J: Parce que tous les, tous les survêtements étaient en, en jersey ?
K: Ah, les survêtements, non. Ils étaient en double jersey. C'est-à-dire les, les vêtements
de sport c'était du molletonné. C'était un double, un jersey et à l'intérieur un tricot qui
faisait, qu'on grattait pour, pour lui donner de la doublure, quoi. Ouais, c'est ça qu'on
appelait le tissu molletonné.
J: Et ça c'est vous qui le faisiez ou c'était à la teinture ?
K: Non, c'est, là, c'était le, c'était la teinture, quoi, ça passait en teinture au grattage. Mais
le grattage on le faisait aussi chez nous. On faisait teindre les pièces et on grattait les
pièces chez nous. On avait des gratteuses, quoi. À l'époque, mais enfin c'était pour
gagner du temps, parce que les teinturiers ils étaient un peu dépassés aussi. Ils avaient
énormément de travail, quoi. On leur demandait de teindre et ils nous envoyaient les
pièces teintes et nous on faisait le grattage à la maison, dans l'atelier, quoi.

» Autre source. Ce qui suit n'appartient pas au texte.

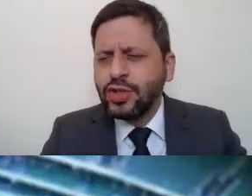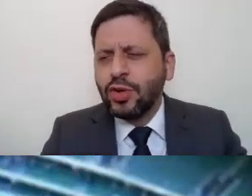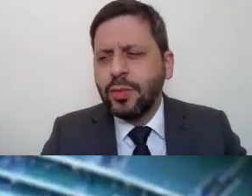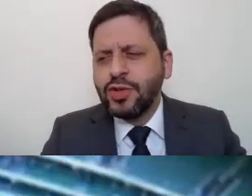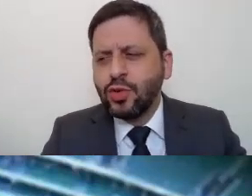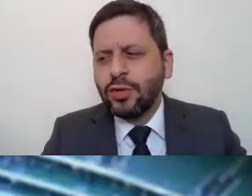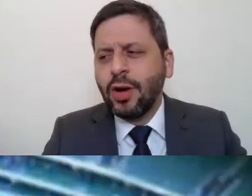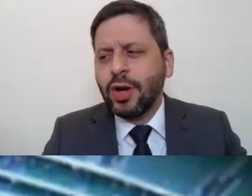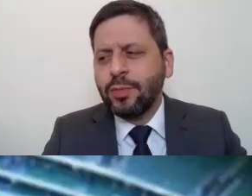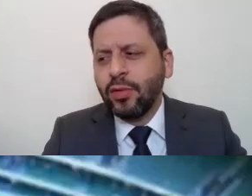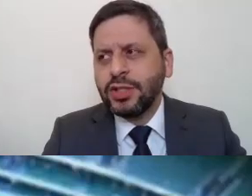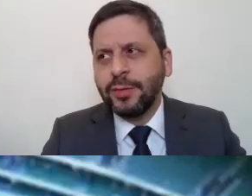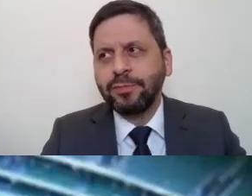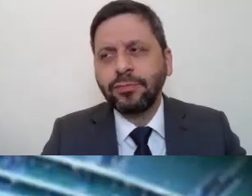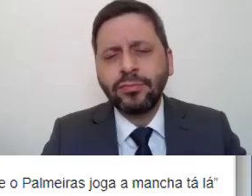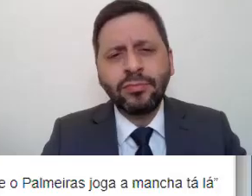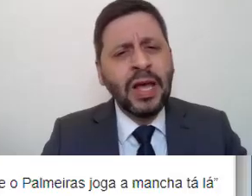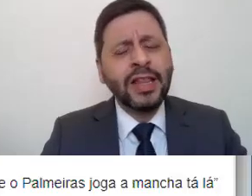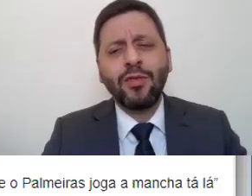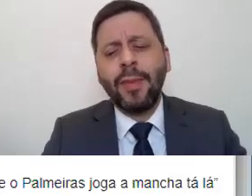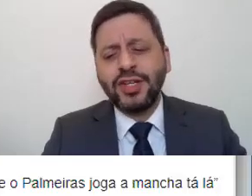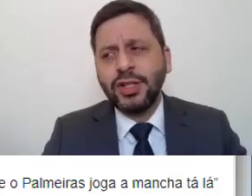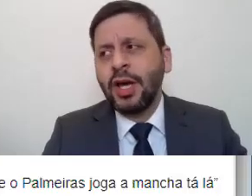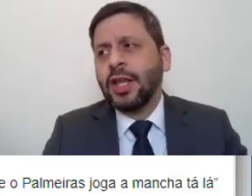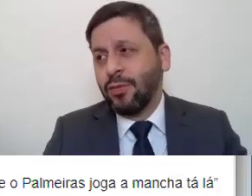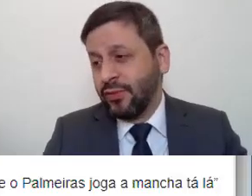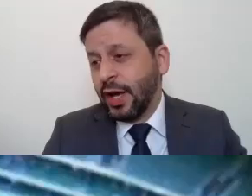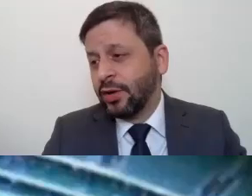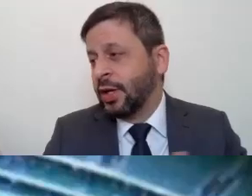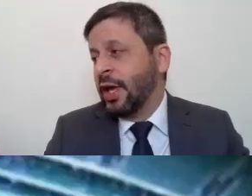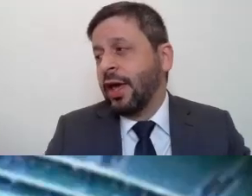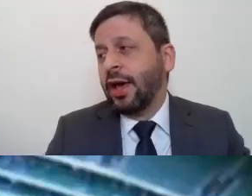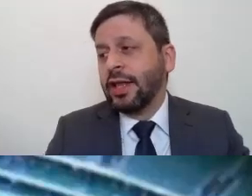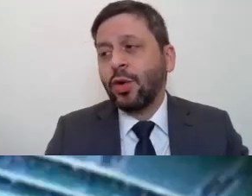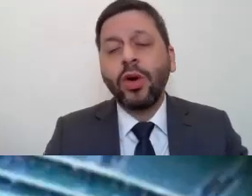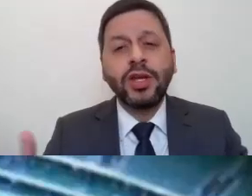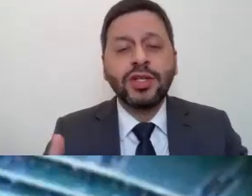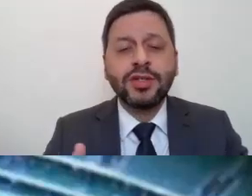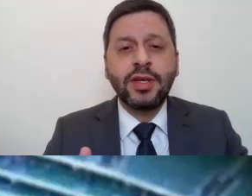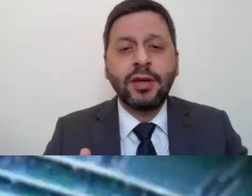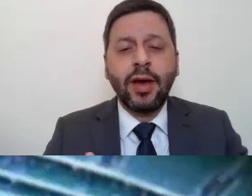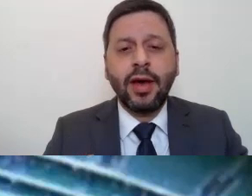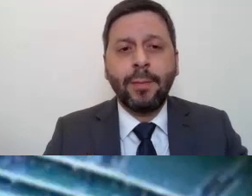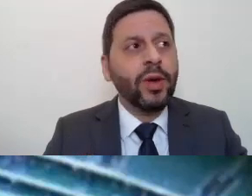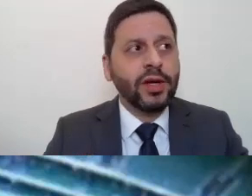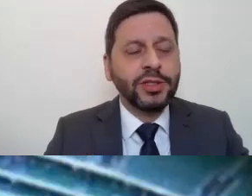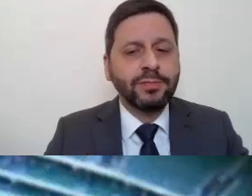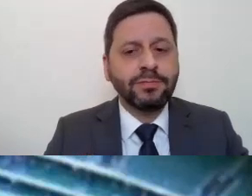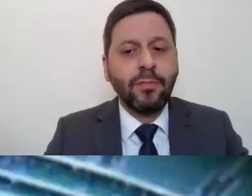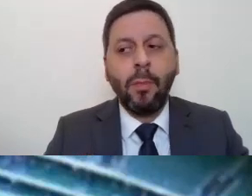início do ano de 2018 no Campeonato Paulista teve uma partida, teve uma final entre Corinthians e

J: Et vous, vous avez travaillé avec, avec GESP, c'est ça ?
K: Non, avec la Champagne.
J: Avec la Champagne ?
K: Avec, avec SIX, SIX et puis son collègue, là, comment c'était ? LEVIELLE. Y avait
LEVIELLE, y avait SIX et LEVIELLE, tous les deux à la direction de la teinturerie de
Champagne, quoi. On a travaillé très, très, très longtemps avec eux, hein. Bah, jusqu'au
jour où on a arrêté, hein. Ah ouais. Bon, ben, voilà, ben, on a fait un petit peu le tour, hein.